RIVERWOODS, Ill.--(BUSINESS WIRE)--Apr. 21, 2015-- Discover Financial Services (NYSE: DFS) today reported net income of $586 million or $1.28 per diluted share for the first quarter of 2015, as compared to $631 million or $1.31 per diluted share for the first quarter of 2014. The company's return on equity for the first quarter of 2015 was 21%.

First Quarter Highlights

  • Total loans grew $3.8 billion, or 5.9%, from the prior year to $67.6 billion.
  • Credit card loans grew $2.6 billion, or 5.1%, to $53.5 billion and Discover card sales volume increased 2.7% from the prior year.
  • Net charge-off rate for credit card loans increased 8 basis points from the prior year to 2.40% and the delinquency rate for loans over 30 days past due decreased 8 basis points to 1.64%.
  • Payment Services transaction dollar volume for the segment was $50.2 billion, down 1% from the prior year.

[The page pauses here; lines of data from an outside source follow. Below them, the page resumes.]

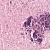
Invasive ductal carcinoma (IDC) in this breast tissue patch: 0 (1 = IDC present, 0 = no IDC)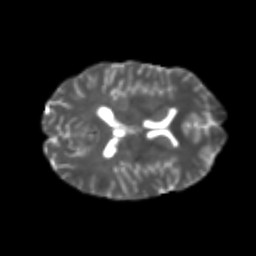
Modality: T2w
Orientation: axial
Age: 23
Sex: female
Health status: healthy
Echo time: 0.074 s

"We achieved solid loan growth and recently launched our new Discover it Miles card leveraging our strengths in rewards and service," said David Nelms, chairman and CEO of Discover. "We continue to generate a strong return on equity and announced plans to increase share repurchases and dividends."

Segment Results:

Direct Banking

Direct Banking pretax income of $881 million in the quarter was down $113 million, or 11%, driven primarily by higher provisioning for loan losses due to growth.

Total loans ended the quarter at $67.6 billion, up 6.0% compared to the prior year. Credit card loans ended the quarter at $53.5 billion, up 5.1% from the prior year. Personal loans increased $755 million, or 17.5%, from the prior year and private student loans increased $324 million, or 3.9%, from the prior year. Excluding purchased student loans, private student loans grew $851 million, or 19.7%, from the prior year.

Revenue net of interest expense increased $98 million, up 5% from the prior year.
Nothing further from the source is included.